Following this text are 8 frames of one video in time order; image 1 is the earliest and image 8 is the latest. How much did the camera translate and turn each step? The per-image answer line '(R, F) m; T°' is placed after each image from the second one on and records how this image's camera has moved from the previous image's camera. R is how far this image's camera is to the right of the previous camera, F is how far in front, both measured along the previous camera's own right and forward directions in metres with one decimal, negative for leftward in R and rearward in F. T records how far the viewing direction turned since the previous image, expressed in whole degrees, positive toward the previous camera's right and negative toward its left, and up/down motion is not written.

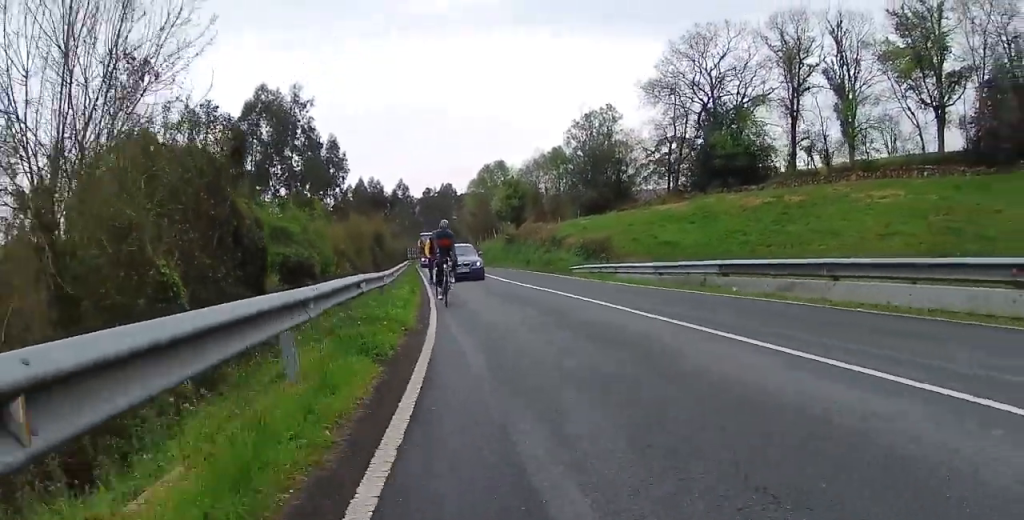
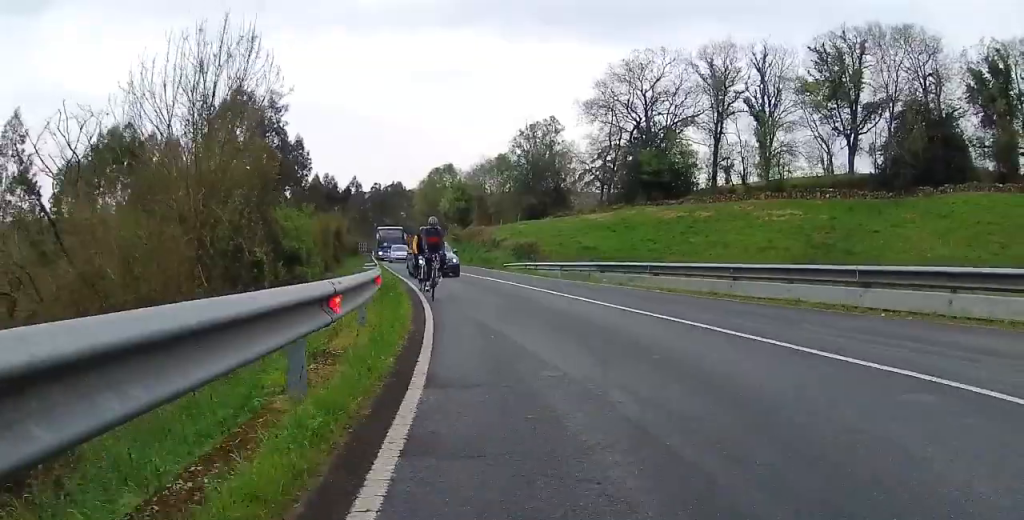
(+0.8, +7.1) m; +12°
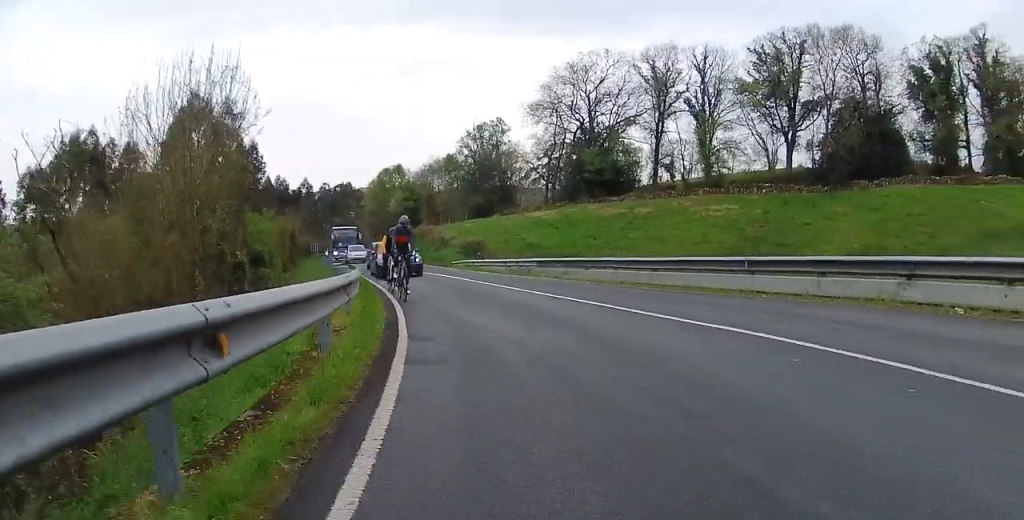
(+0.1, +2.4) m; +5°
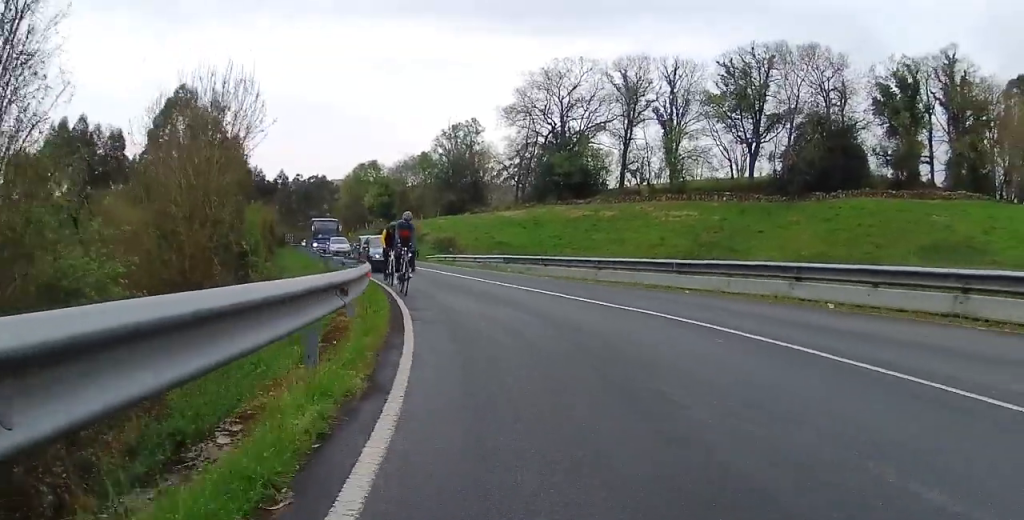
(-0.1, +2.8) m; +7°
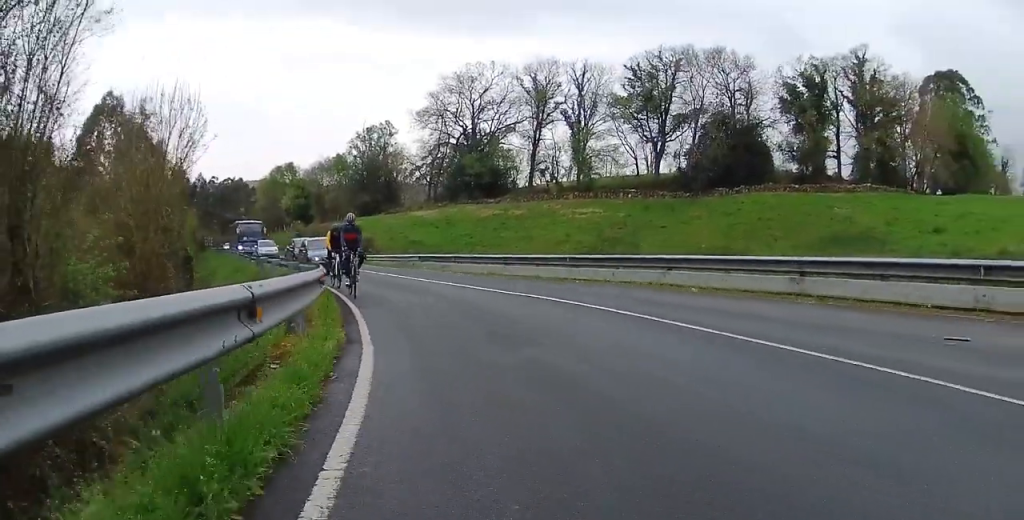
(+0.4, +2.6) m; +6°
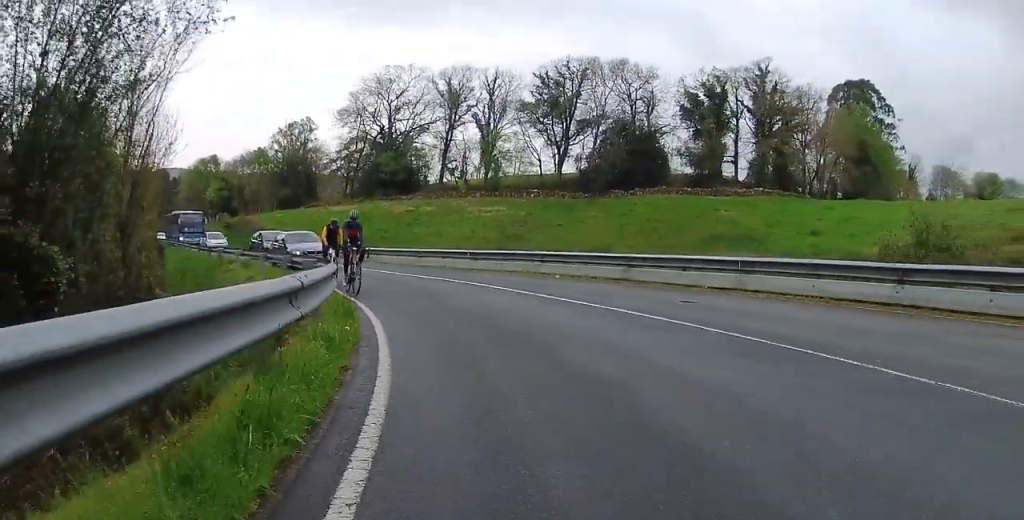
(+0.3, +5.4) m; +4°
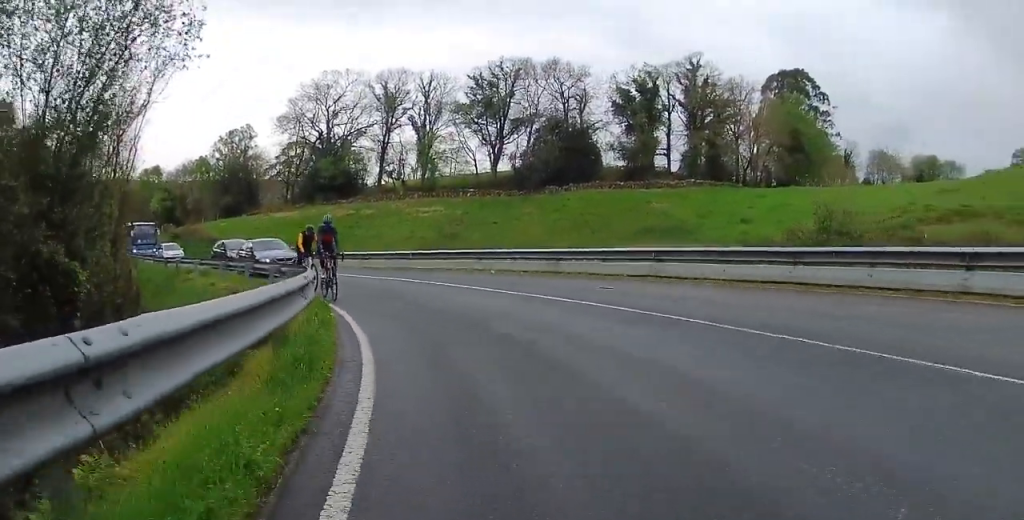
(0.0, +1.8) m; 0°
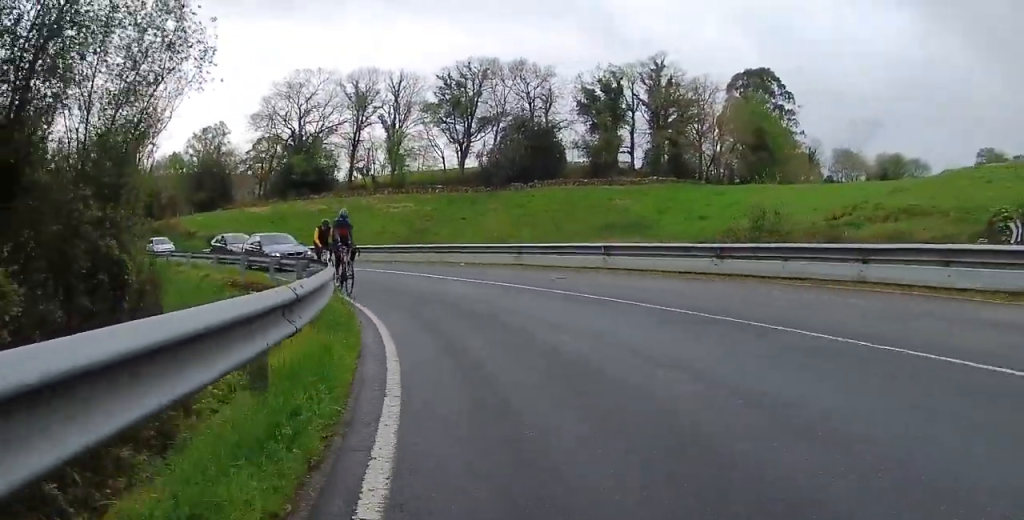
(0.0, +2.2) m; 0°

══════

*PROBLEM TO WORK ON*. Your reply must match the data above line for line, except that it holds no pictures.

*RESULT FOR THIS TASK*.
Following this text are 8 frames of one video in time order; image 1 is the earliest and image 8 is the latest. How much did the camera translate and turn each step? The per-image answer line '(R, F) m; T°' is placed after each image from the second one on and records how this image's camera has moved from the previous image's camera. R is how far this image's camera is to the right of the previous camera, F is how far in front, both measured along the previous camera's own right and forward directions in metres with one decimal, negative for leftward in R and rearward in F. T records how far the viewing direction turned since the previous image, expressed in whole degrees, positive toward the previous camera's right and negative toward its left, and up/down motion is not written.

(+0.8, +7.1) m; +12°
(+0.1, +2.4) m; +5°
(-0.1, +2.8) m; +7°
(+0.4, +2.6) m; +6°
(+0.3, +5.4) m; +4°
(0.0, +1.8) m; 0°
(0.0, +2.2) m; 0°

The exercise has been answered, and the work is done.